However the importance of keeping in regular contact: e-mails and text messages can in no way substitute for the physical presence of a parent, but they can help a child feel connected with family members who are away. Finally, there is the importance of the family’s relations and communication before the migration. Many parents presumably do not migrate unless they think their children can cope in the first place. A factor found to be extremely important is the child’s understanding of, and support for, the family goal. In fact, an individual’s migration can be highly valued within a family: it can give status, not only for the material objects the migration may bring, but in more symbolic form of being the family member who gives for others. Some of these observations might be extrapolated to the situation of children affected by HIV and AIDS.
Moreover it is generally believed that those migrants who have had the courage to leave one country and move to another are often enterprising and entrepreneurial, even if poor.
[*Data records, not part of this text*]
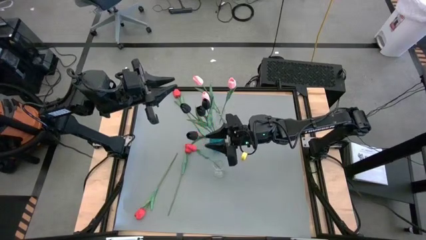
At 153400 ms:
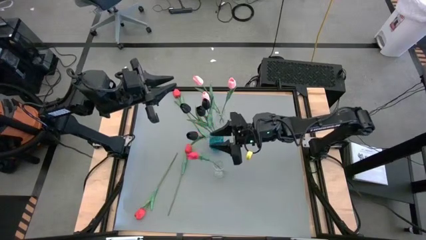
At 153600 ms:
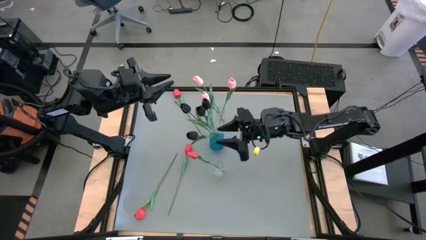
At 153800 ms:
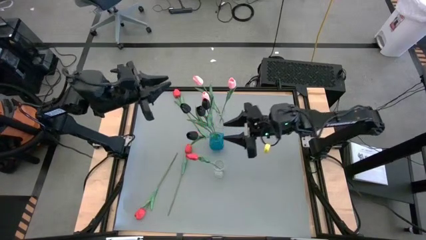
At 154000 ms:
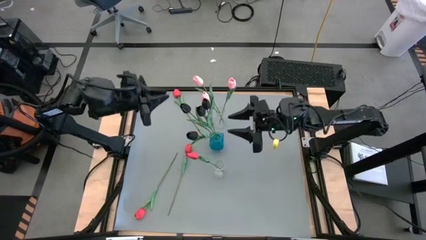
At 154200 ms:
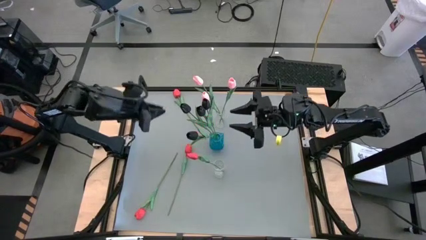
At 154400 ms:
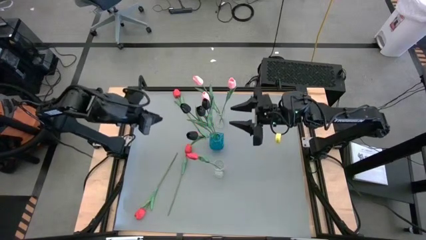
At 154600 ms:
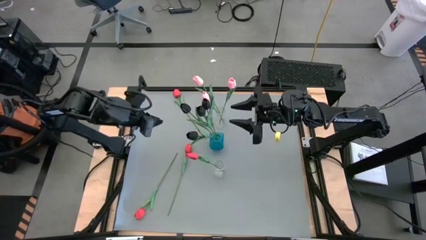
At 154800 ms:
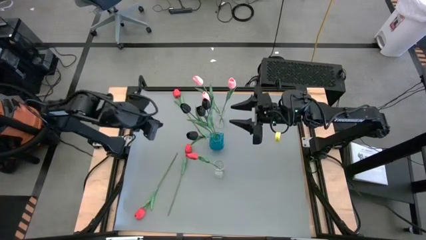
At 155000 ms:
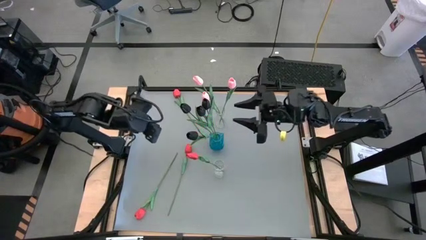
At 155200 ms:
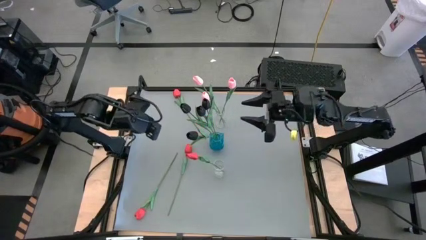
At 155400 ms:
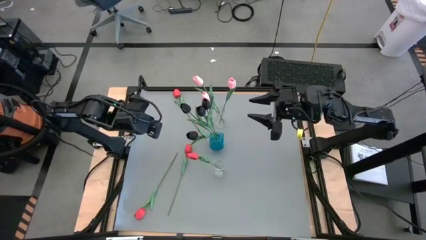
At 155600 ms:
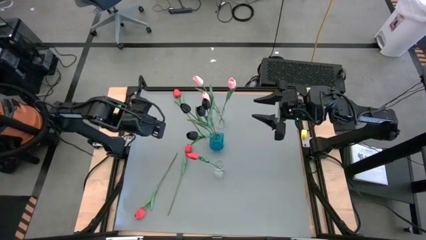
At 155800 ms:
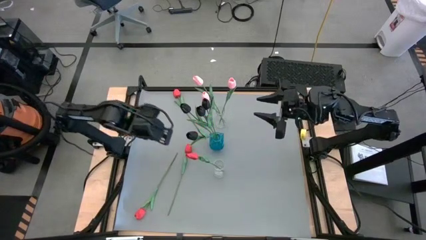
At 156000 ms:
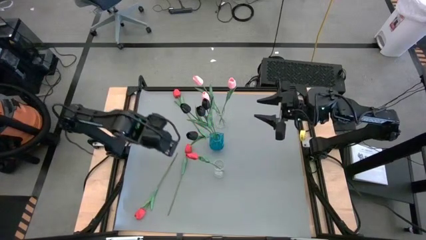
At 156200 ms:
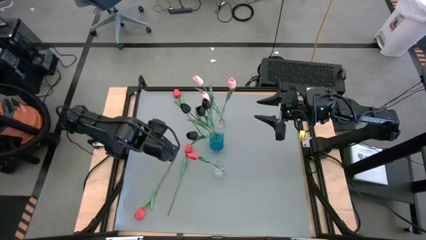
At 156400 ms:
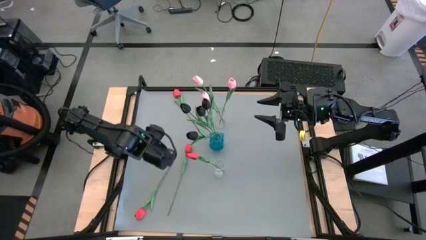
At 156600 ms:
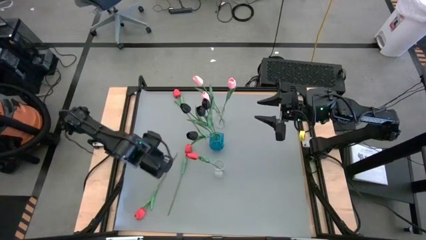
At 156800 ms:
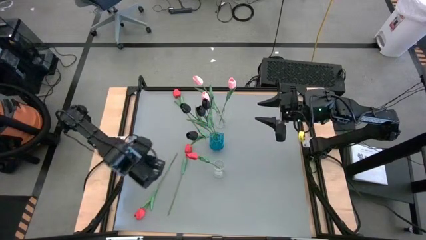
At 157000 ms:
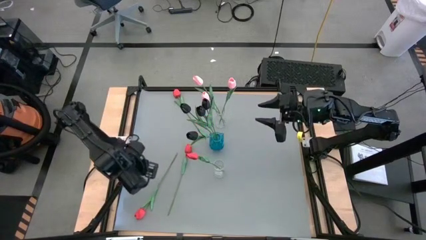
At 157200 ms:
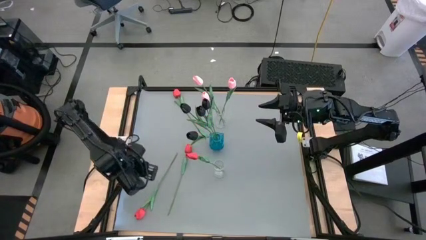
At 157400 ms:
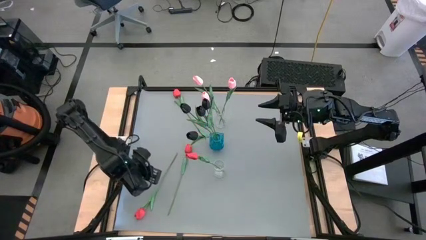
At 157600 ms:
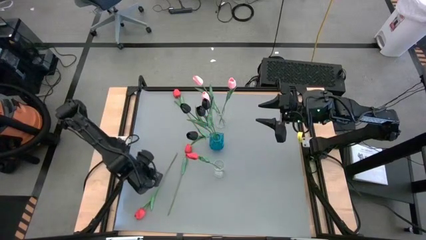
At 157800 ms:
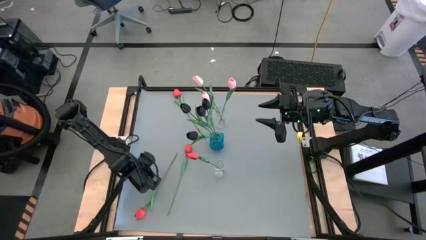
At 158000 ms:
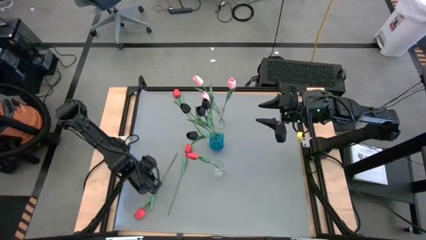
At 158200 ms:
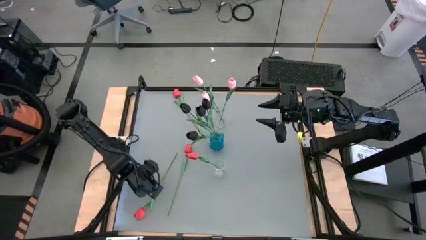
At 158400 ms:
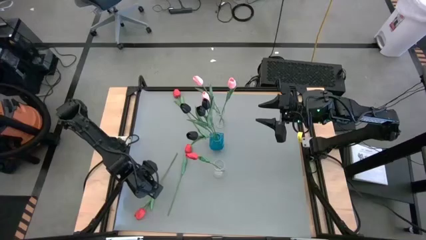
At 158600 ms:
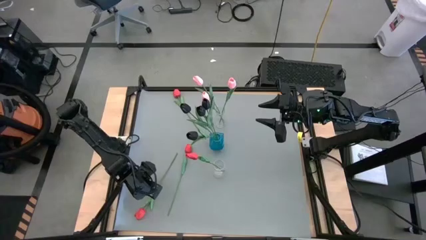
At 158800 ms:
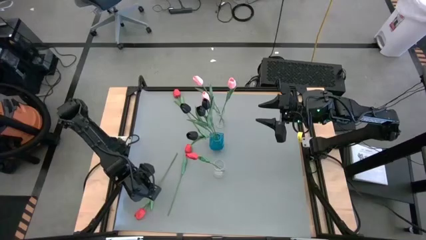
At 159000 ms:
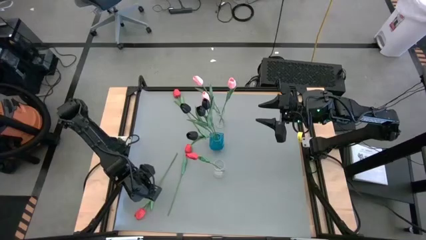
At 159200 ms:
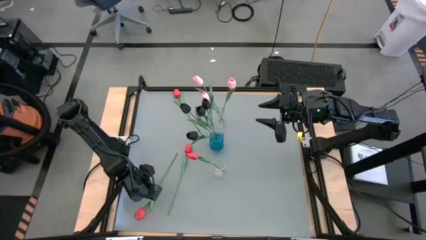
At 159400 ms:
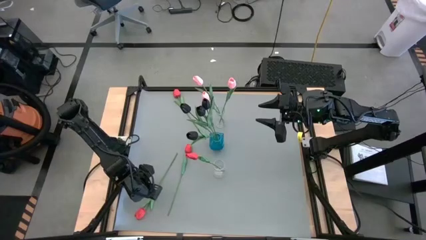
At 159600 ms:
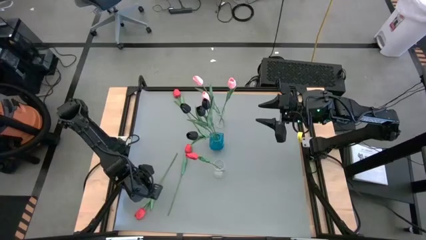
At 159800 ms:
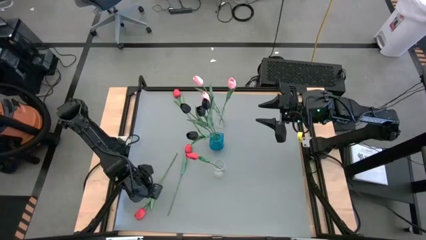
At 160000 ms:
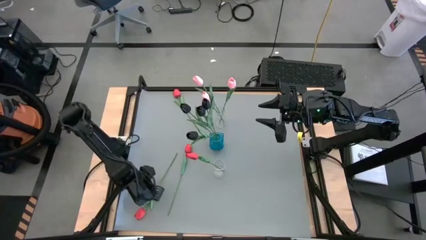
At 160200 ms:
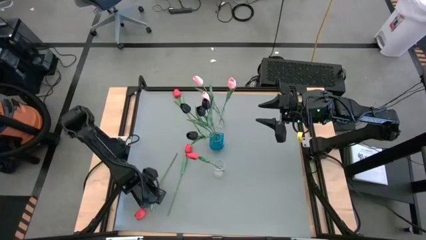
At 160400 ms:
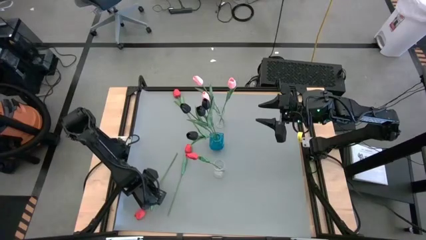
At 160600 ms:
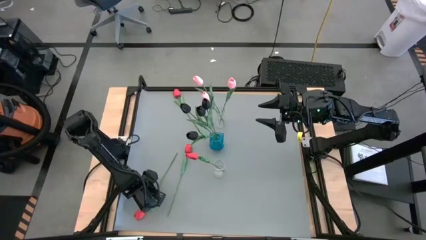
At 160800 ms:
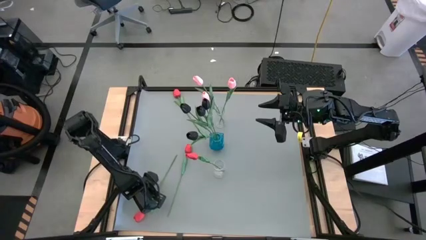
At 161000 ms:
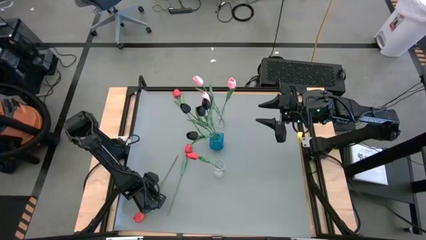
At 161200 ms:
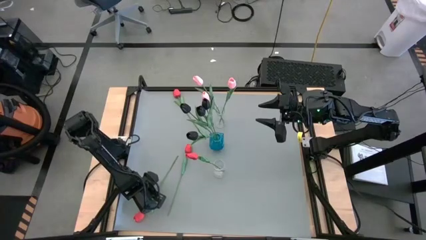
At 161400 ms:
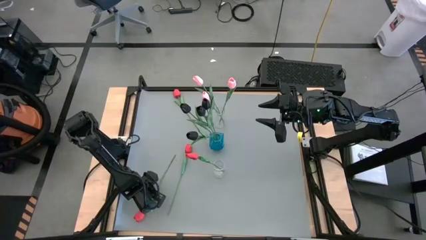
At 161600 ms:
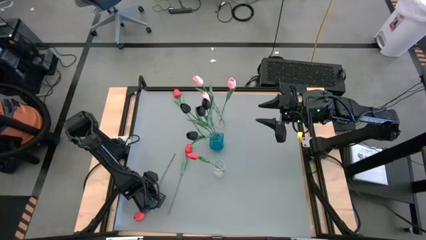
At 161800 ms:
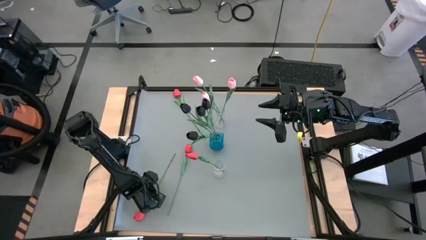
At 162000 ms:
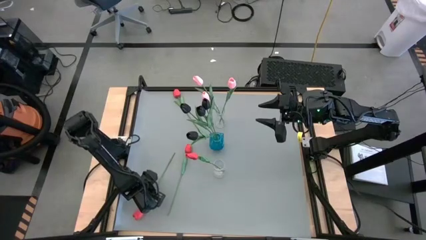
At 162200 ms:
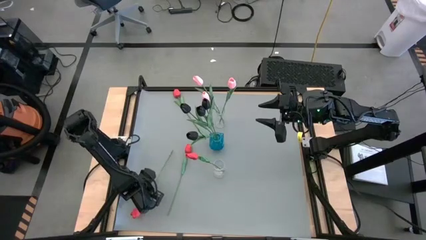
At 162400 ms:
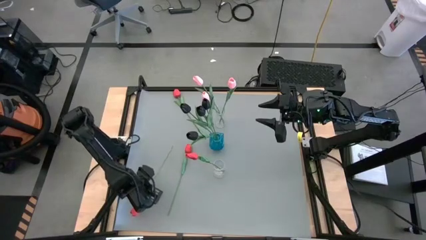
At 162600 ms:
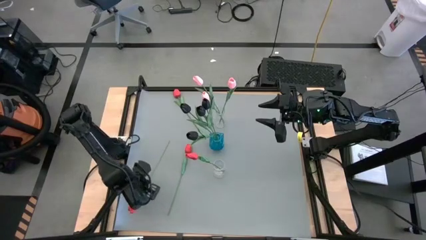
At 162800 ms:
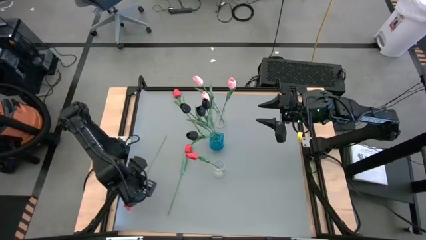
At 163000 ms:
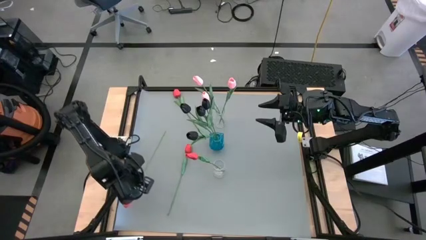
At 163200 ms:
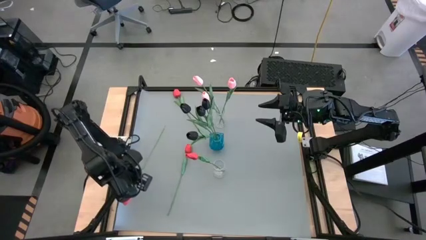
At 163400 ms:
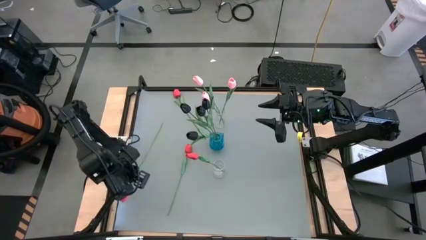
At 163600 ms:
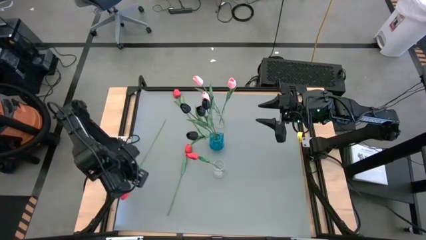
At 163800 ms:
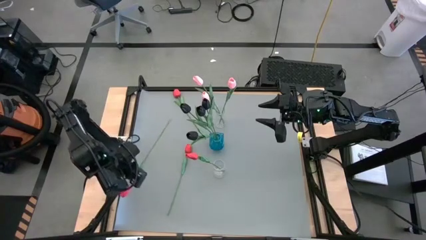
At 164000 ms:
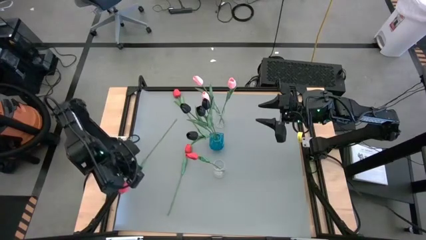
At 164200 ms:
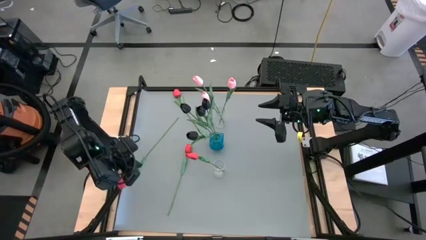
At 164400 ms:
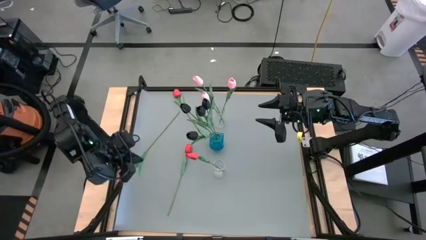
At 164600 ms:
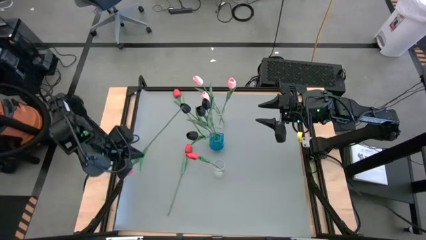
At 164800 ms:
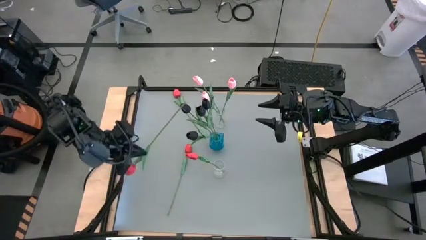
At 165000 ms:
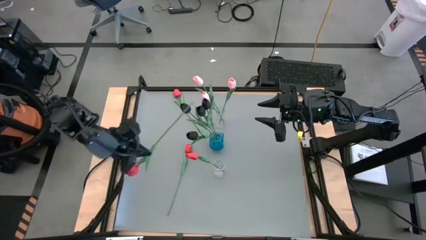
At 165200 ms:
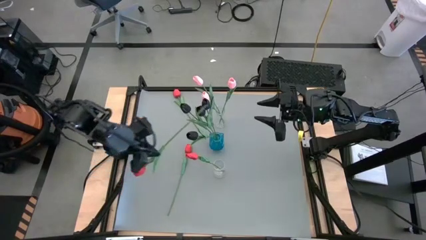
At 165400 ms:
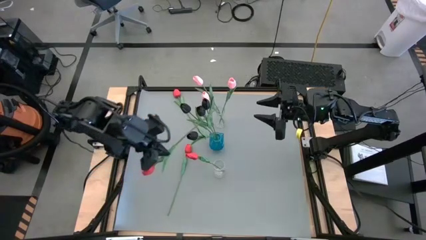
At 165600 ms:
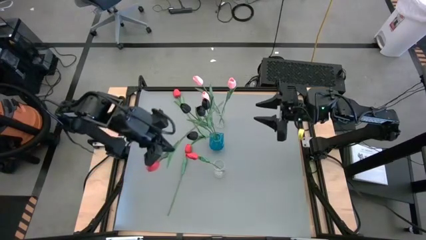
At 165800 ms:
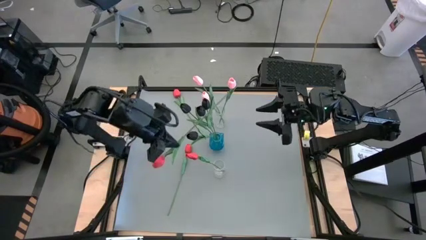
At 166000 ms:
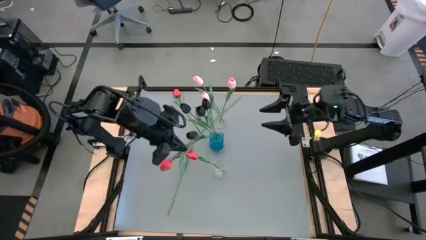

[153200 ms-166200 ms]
Task: Sort flowers into vase by color
Put the bottom left red tulip into the bottom transparent vase

As such, in many countries, migrants often set up small businesses. They however, become easy targets when the general economic conditions in that host country worsen. In other cases, people become migrants because they have fleed worsening conditions or persecution. In that situation, although they may live in another country, it may initially be quite difficult to adapt and change practices and customs. In such situations migrants are clearly seen as different and in worsening economic times can be seen as sapping away resources that could otherwise have been used for local populations.
Furthermore migrating parents may decide, whether by choice or due to untenable circumstances to leave their children in their country of origin, planning either to return to their household of origin or to reunite much later in their destination country. The decision of one or both parents to migrate and consequently, to leave children behind, may be the result of an individual altruistic decision to send remittances in order to make their family members’ lives better, or the result of household utility maximization that may take into consideration also the risks and perils of travel. Children whose parents are working abroad have a similar profile to those living in mono-parental families resulting from the parents’ separation or from the death of one parent. This shows that, although the work abroad is temporary, the impact on the children could be similar to that of the loss of a parent, through divorce or death.
In conclusion, children whose parents are working abroad should be considered at risk. That would be a first recommendation to children protection authorities, who should find solutions to strengthen the relations between school and the social services system. For many migrants, migration represents an alternative for supporting their families. Nevertheless, while going to work abroad contributes significantly to household incomes, it also has many social costs. Migration also affects social relations. Migration also changes the roles within the family additional tasks must be assumed by those left behind.